Song by Lynyrd Skynyrd

from the album (Pronounced 'Lĕh-'nérd 'Skin-'nérd)
- Released: 1973
- Recorded: Studio One, Doraville, Georgia, April 1973
- Genre: Southern rock; country-soul;
- Length: 7:32
- Label: MCA Records
- Songwriters: Allen Collins; Ronnie Van Zant;
- Producer: Al Kooper

= Tuesday's Gone =

1973 song by Lynyrd Skynyrd

"Tuesday's Gone" is the second track on Lynyrd Skynyrd's debut album, (Pronounced 'Lĕh-'nérd 'Skin-'nérd). It also appears on the band's first live LP, One More from the Road.

==History==
"Tuesday's Gone" was written by guitarist Allen Collins and vocalist Ronnie Van Zant. Producer Al Kooper (credited as "Roosevelt Gook") played bass, sang backup vocals, and added orchestral strings with a Mellotron. Robert Nix of the Atlanta Rhythm Section played drums. Gary Rossington played lead guitar, Ed King added guitar fills and Billy Powell played the piano.
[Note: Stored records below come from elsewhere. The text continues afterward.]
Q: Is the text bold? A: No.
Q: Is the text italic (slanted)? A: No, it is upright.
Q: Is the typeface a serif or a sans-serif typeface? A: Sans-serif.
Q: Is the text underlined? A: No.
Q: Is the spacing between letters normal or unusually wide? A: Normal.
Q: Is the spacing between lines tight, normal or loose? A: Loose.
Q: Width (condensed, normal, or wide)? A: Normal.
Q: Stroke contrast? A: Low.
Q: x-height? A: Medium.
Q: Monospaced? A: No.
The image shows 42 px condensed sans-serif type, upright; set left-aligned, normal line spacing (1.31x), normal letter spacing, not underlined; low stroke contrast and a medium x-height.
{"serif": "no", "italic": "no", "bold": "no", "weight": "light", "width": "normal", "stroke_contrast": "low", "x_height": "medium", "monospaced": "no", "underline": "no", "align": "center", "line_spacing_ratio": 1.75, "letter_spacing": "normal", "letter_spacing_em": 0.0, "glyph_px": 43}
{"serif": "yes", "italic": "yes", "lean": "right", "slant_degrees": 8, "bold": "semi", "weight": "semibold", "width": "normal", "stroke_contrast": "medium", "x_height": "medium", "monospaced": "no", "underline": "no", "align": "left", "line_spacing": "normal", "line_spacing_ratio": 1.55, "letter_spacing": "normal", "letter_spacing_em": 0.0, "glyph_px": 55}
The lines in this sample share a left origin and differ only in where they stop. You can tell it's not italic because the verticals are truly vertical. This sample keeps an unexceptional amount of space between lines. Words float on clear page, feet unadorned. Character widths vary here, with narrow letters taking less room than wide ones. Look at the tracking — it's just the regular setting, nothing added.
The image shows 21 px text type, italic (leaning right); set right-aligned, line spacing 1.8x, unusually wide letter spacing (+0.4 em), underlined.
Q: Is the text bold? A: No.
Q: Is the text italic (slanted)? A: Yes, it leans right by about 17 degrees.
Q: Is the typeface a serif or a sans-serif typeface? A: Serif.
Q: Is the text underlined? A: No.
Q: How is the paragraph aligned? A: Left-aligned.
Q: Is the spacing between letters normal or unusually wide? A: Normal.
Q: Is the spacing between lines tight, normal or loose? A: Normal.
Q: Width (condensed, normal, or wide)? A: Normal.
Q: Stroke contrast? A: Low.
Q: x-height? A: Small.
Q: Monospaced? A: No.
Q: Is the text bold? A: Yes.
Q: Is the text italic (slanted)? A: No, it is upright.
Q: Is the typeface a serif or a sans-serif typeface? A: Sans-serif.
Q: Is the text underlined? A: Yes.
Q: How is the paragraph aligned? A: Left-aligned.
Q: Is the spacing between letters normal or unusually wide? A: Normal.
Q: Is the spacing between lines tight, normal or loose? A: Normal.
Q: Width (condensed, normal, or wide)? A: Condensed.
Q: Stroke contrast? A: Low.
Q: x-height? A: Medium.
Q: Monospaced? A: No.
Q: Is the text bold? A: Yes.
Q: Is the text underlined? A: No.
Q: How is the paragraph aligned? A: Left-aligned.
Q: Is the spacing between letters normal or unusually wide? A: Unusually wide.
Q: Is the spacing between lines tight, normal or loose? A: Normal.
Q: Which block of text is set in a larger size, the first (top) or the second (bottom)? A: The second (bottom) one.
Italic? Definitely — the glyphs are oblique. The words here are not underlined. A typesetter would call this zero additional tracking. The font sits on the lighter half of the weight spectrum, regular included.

In Counting Down Southern Rock: The 100 Best Songs, author C. Eric Banister regards the lyric of "Tuesday's Gone" as Van Zant's masterpiece.

==Certifications==

| Region | Certification | Certified units/sales |
| New Zealand (RMNZ) | Platinum | 30,000^{‡} |
^{‡} Sales+streaming figures based on certification alone.